British rule thus consolidated itself by creating new classes and vested interests which were tied up with that rule and privileges which depended on its continuance. There were the landowners and the princes, and there was a large number of subordinate members of the services in various departments of government, from the patwari, the village head-man, upwards. The two essential branches of government were the revenue system and the police. At the head of both of these in each district was the collector or district magistrate who was the linchpin of the administration. He functioned as an autocrat in his district, combining in himself executive, judicial, revenue, and police functions. If there were any small Indian states adjoining the area under his control, he was also the British agent for them. Then there was the Indian Army, consisting of British and Indian troops but officered entirely by Englishmen. This was
reorganized repeatedly, especially after the mutiny of 1857, and ultimately became organizationally linked up with the British Army. This was so arranged as to balance its different elements and keep the British troops in key positions. 'Next to the grand counterpoise of a sufficient European force comes the counterpoise of natives against natives,' says the official report on reorganization in 1858. The primary function of these forces was to serve as an army of occupation—'Internal Security Troops' they were called, and a majority of these was British.
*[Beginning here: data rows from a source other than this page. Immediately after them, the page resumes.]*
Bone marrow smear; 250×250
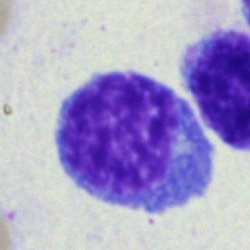Impression → normoblast.
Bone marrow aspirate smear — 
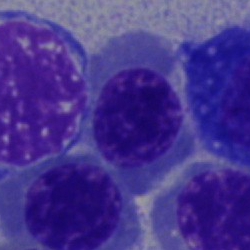
Cell type: nucleated red blood cell.
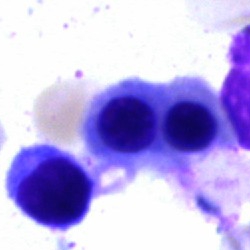The cell type is nucleated red cell.
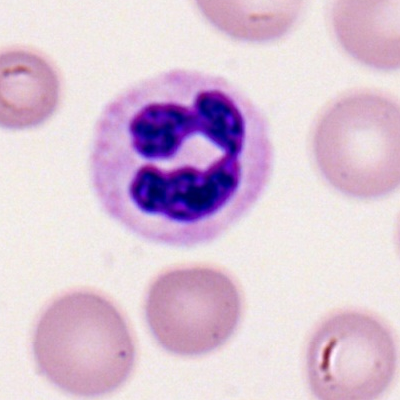 Morphological class = polymorphonuclear neutrophil.
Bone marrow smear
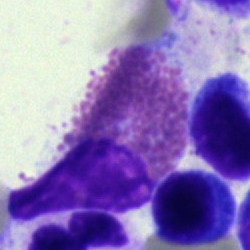 The cell shown is an eosinophil.
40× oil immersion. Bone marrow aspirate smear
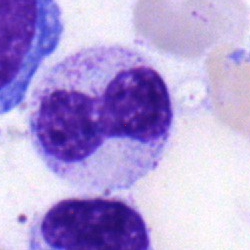

Morphological class — band neutrophil.
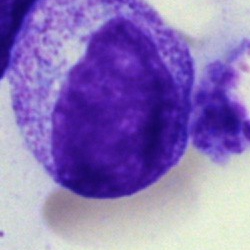
A myelocyte.
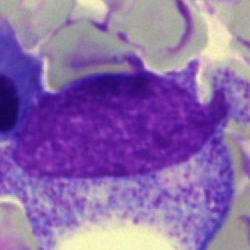

Single cell identified as a progranulocyte.
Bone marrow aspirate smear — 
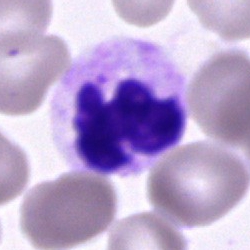
Q: What is the morphological classification of this cell?
A: A polymorphonuclear neutrophil.
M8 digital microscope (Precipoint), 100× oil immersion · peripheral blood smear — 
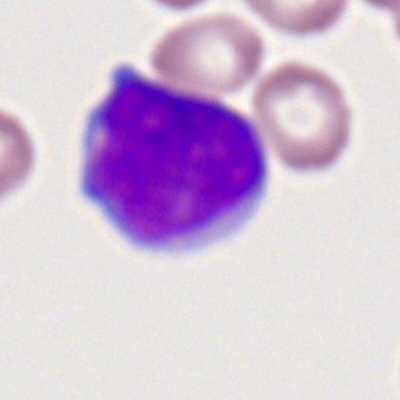Specimen: peripheral blood smear.
Cell: myeloid blast.
Lineage: myeloid.
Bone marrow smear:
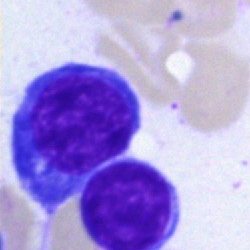 A normoblast.
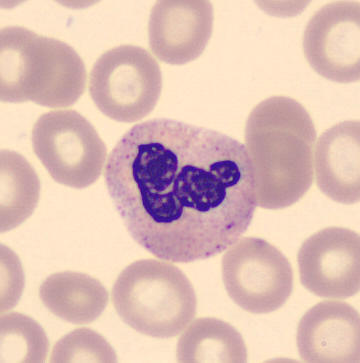

Peripheral blood smear.
Showing a neutrophil (segmented).
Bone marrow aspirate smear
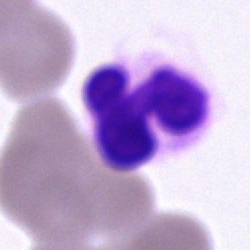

The Frontier Province served as a training ground for the British Army at India's expense. The Field Army (chiefly Indian) was meant for service abroad and it took part in numerous British imperial wars and expeditions, India always bearing the cost. Steps were taken to segregate Indian troops from the rest of the population. Thus India had to bear the cost of her own conquest, and then of her transfer (or sale) from the East India Company to the British Crown, for the extension of the British Empire to Burma and elsewhere, for expeditions to Africa, Persia, etc., and for her defense against Indians themselves. She was not only used as a base for imperial purposes, without any reimbursement for this, but she had further to pay for the training of part of the British Army in England—'capitation' charges these were called. Indeed India was charged for all manner of other expenses incurred by Britain, such as the maintenance of British diplomatic and consular establishments in China and Persia, the entire cost of the telegraph line from England' to India, part of the expenses of the British Mediterranean fleet, and even the receptions given to the Sultan of Turkey in London.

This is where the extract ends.